I stopped my "full time career employment" at age 51. I spent the next 7 years caring for my elderly mom. I went from a well paying 8 hour job to a non-paying 24 hour job. Since this new job paid nothing and provided no resources it required many long nights of research to identify resources and funds for my mom's care. Over these eight years, I managed both my mom's diminishing health and her dwindling net worth.
Most of my other seven siblings were too busy with their employed lives to help much when it came to this non-paying family care position. As alone as I was, I am not the only one who has taken on this type of non-paying work.

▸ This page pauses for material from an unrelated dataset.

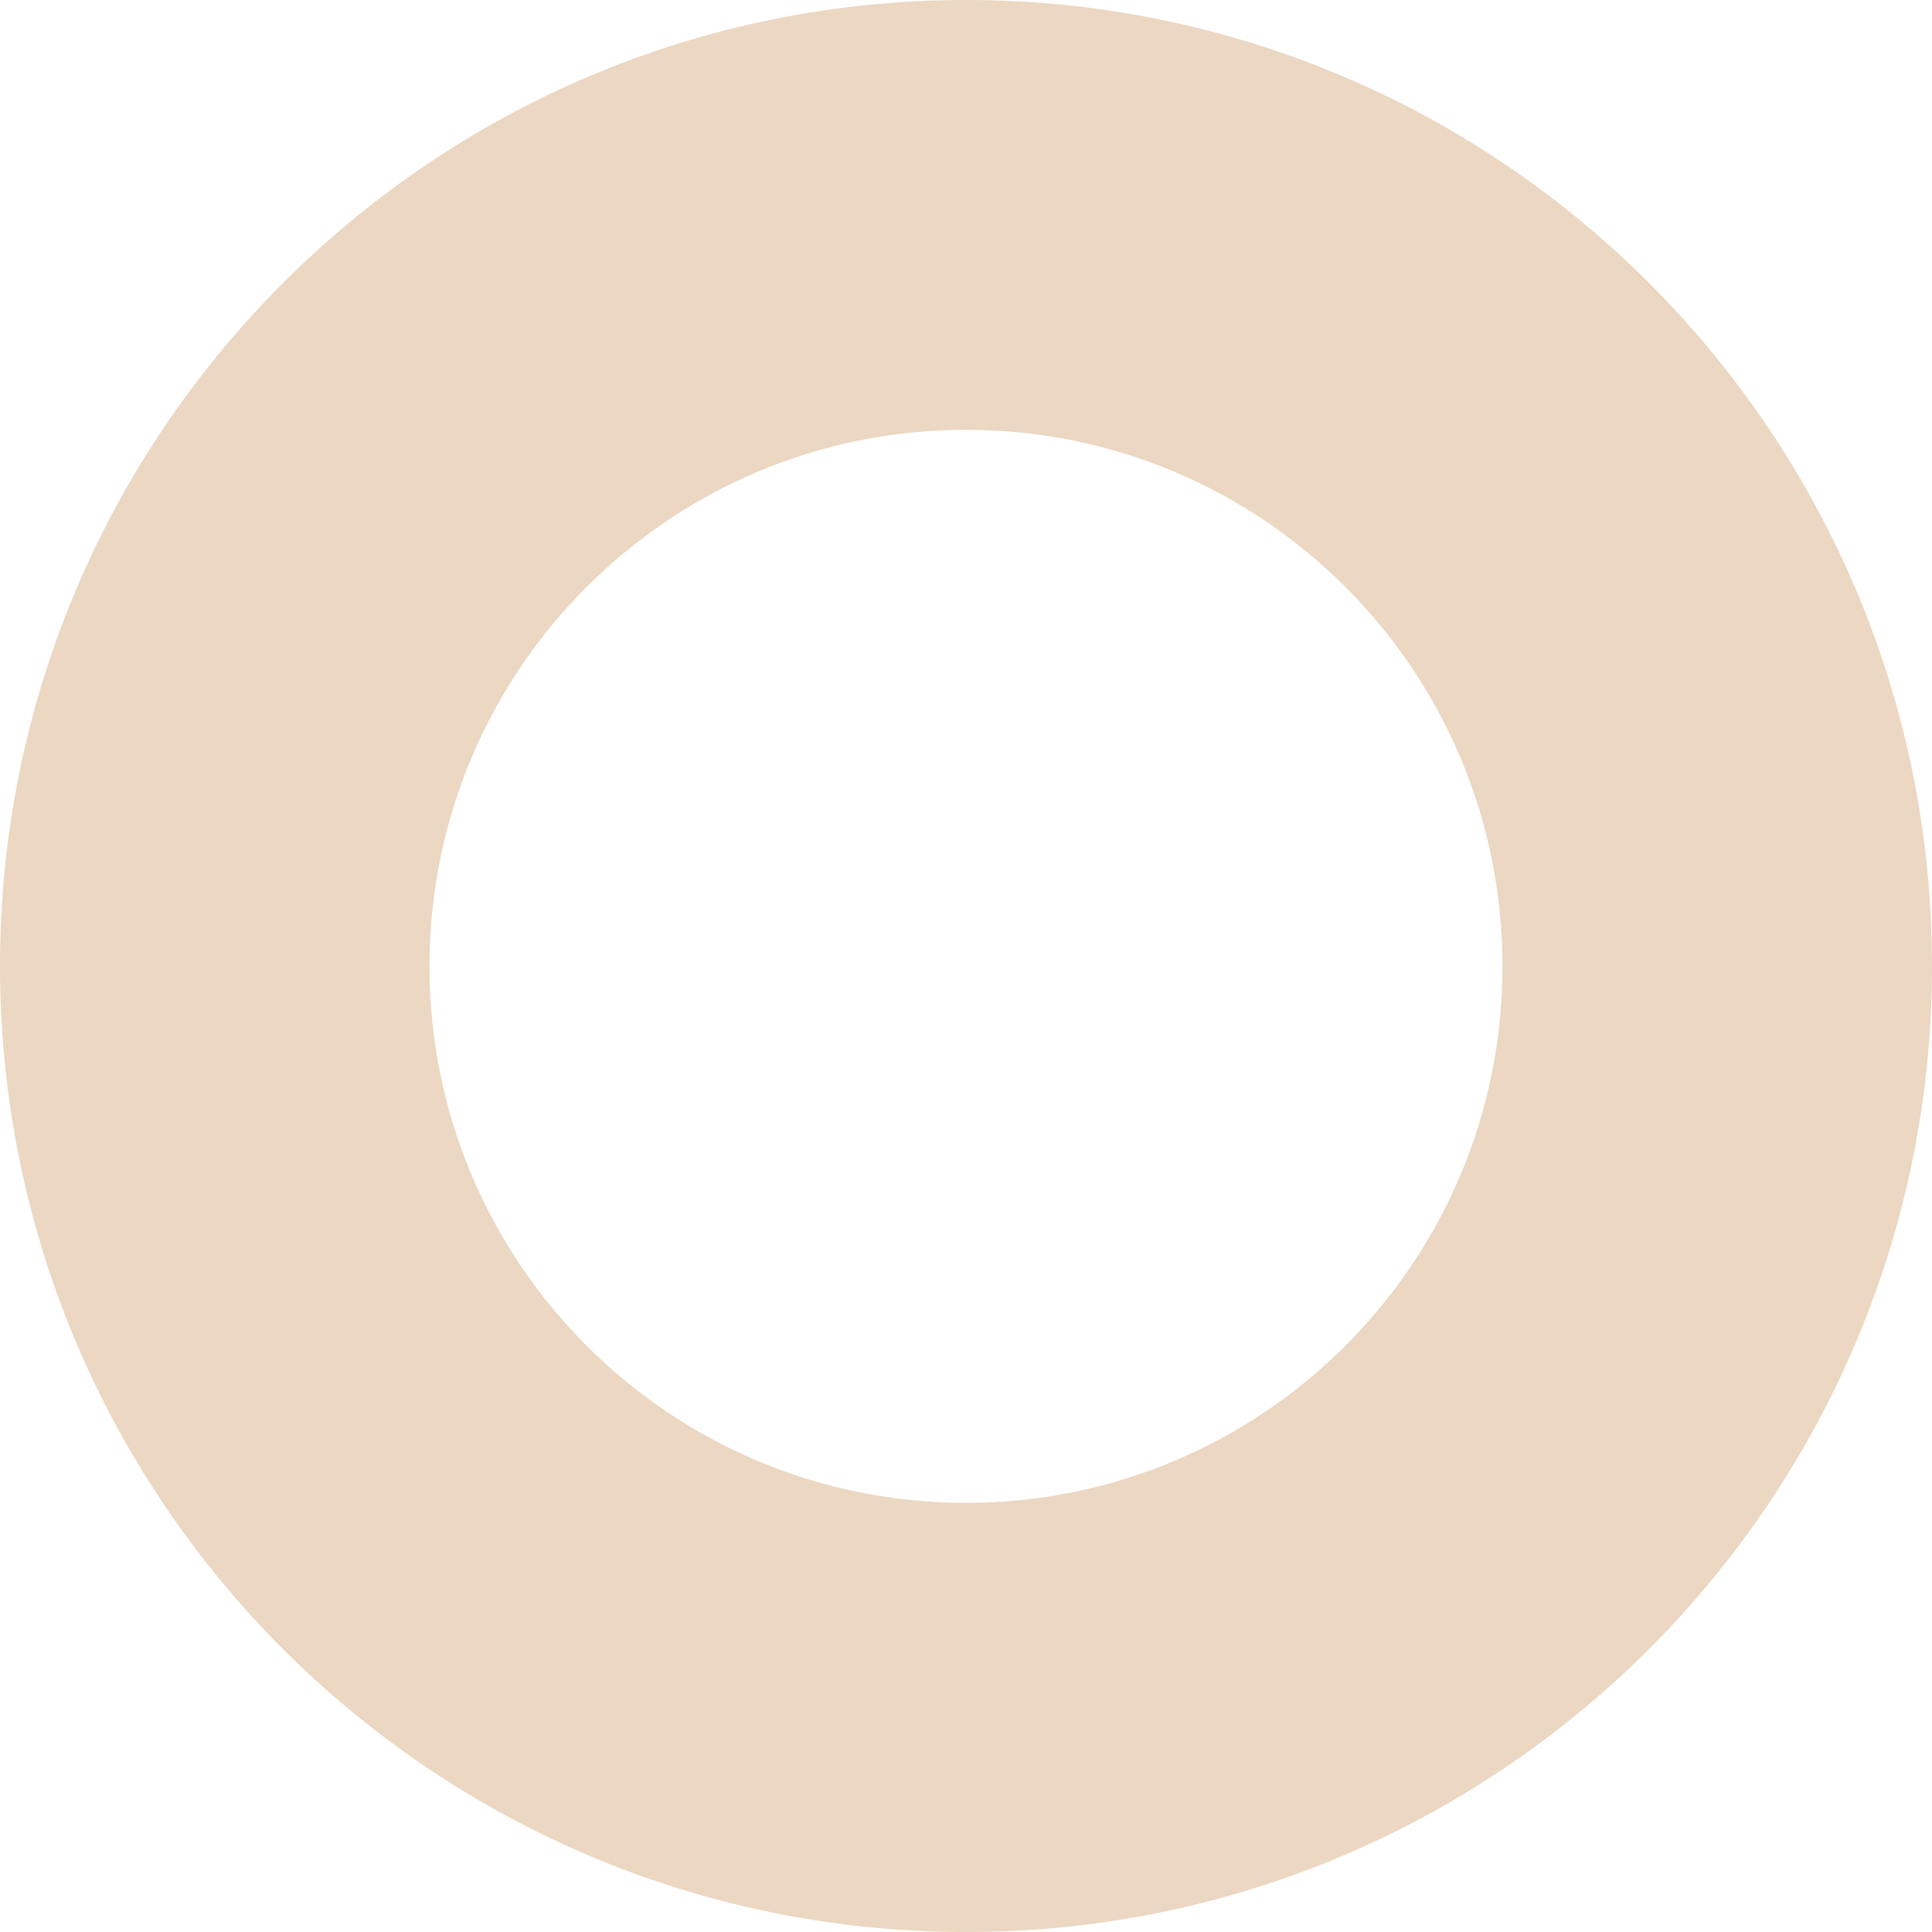 <?xml version="1.0" encoding="UTF-8"?> <!-- Creator: CorelDRAW --> <svg xmlns="http://www.w3.org/2000/svg" xmlns:xlink="http://www.w3.org/1999/xlink" xmlns:xodm="http://www.corel.com/coreldraw/odm/2003" xml:space="preserve" width="25.408mm" height="25.408mm" style="shape-rendering:geometricPrecision; text-rendering:geometricPrecision; image-rendering:optimizeQuality; fill-rule:evenodd; clip-rule:evenodd" viewBox="0 0 5.596 5.596"> <defs> <style type="text/css"> <![CDATA[ .fil0 {fill:#EBD7C2;fill-rule:nonzero} ]]> </style> </defs> <g id="Слой_x0020_1">  <path class="fil0" d="M2.798 0c-1.545,0 -2.798,1.253 -2.798,2.798 0,1.545 1.253,2.798 2.798,2.798 1.545,0 2.798,-1.253 2.798,-2.798 0,-1.545 -1.253,-2.798 -2.798,-2.798zm0 4.353l0 0c-0.859,0 -1.554,-0.696 -1.554,-1.554 0,-0.859 0.696,-1.554 1.554,-1.554 0.859,0 1.554,0.696 1.554,1.554 0,0.859 -0.696,1.554 -1.554,1.554z"></path> </g> </svg>

From young Moms and Dads who stay at home to care for their children to middle aged adults taking care of their elderly parents, many working age Americans choose to work outside of the workforce, often for their entire working life.
My mom raised 8 Kids; never took a day off in her life, but also never had an "employment record". When my dad passed, at age 54, she received nothing more than a survivor's benefit. At age 88, adjusted for inflation, her survivor benefit was a meager $800/month.
For me, working until 65 would have made a huge difference in my retirement savings, but I am not sure I could have lived with that decision. I chose to care for my mom because she chose to care for the eight of us.
These articles focus on workplace employment statistics, yet ignore the very important non-paying and non-workplace work many of us chose to do for our loved ones and how these hard choices impact the workplace.
Maybe your post touched that nerve?Or, maybe I should say, it rhymes?IMHO he overstated the adjustments necessary to come up with values that represent what people think they represent. That's a second level exaggeration. It still gets closer to the truth.
His points and thinking merit consideration. It's his presentation, what seems to be a similar reliance on popular (mis)interpretation of numbers, that I question.
I think this is a valuable insight. I imagine the financial pressure (not to mention the emotional/psychological impact) would be experienced very differently.